** MATERIAL PROVIDED follows **

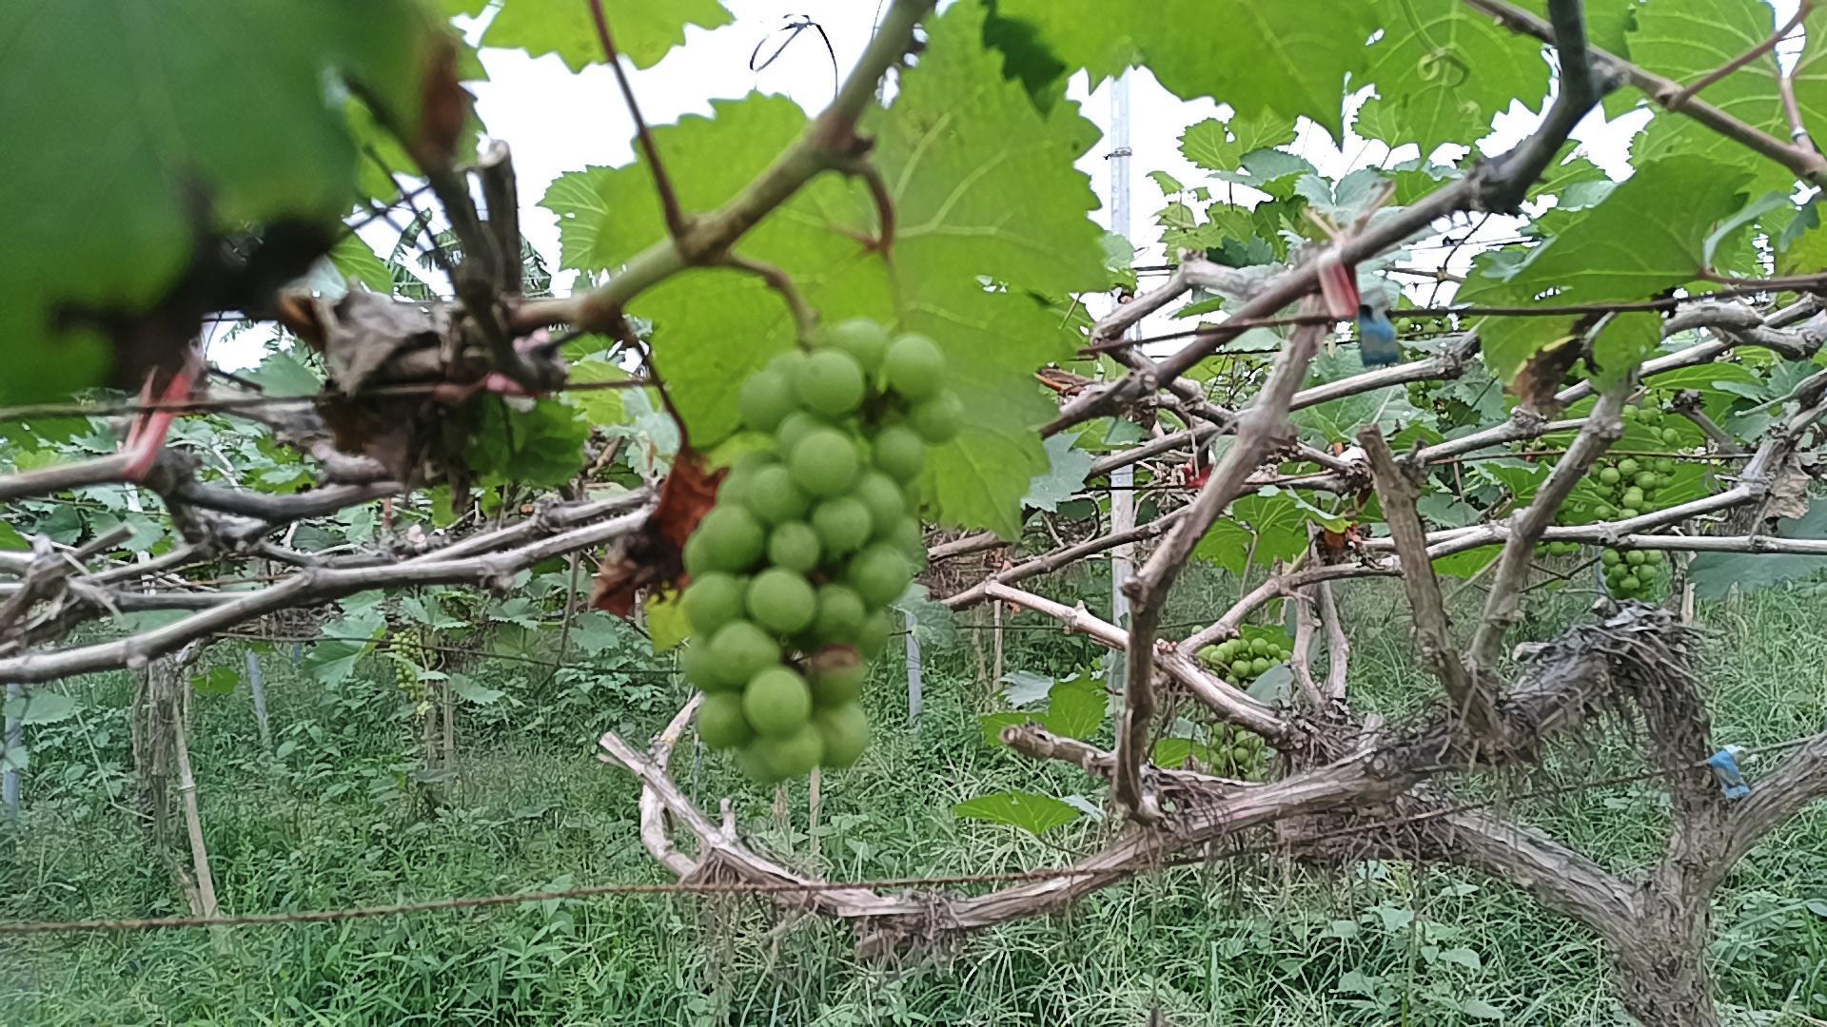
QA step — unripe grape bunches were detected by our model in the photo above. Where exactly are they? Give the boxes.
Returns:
[1189,626,1297,783]
[1586,394,1681,602]
[682,320,961,782]

** End of MATERIAL PROVIDED **

§ **REQUIREMENT**: What the response needs is every entry, repeated exactly, and none of the pictures.

§ **EXERCISE RESPONSE**:
QA step — unripe grape bunches were detected by our model in the photo above. Where exactly are they? Give the boxes.
Returns:
[1189,626,1297,783]
[1586,394,1681,602]
[682,320,961,782]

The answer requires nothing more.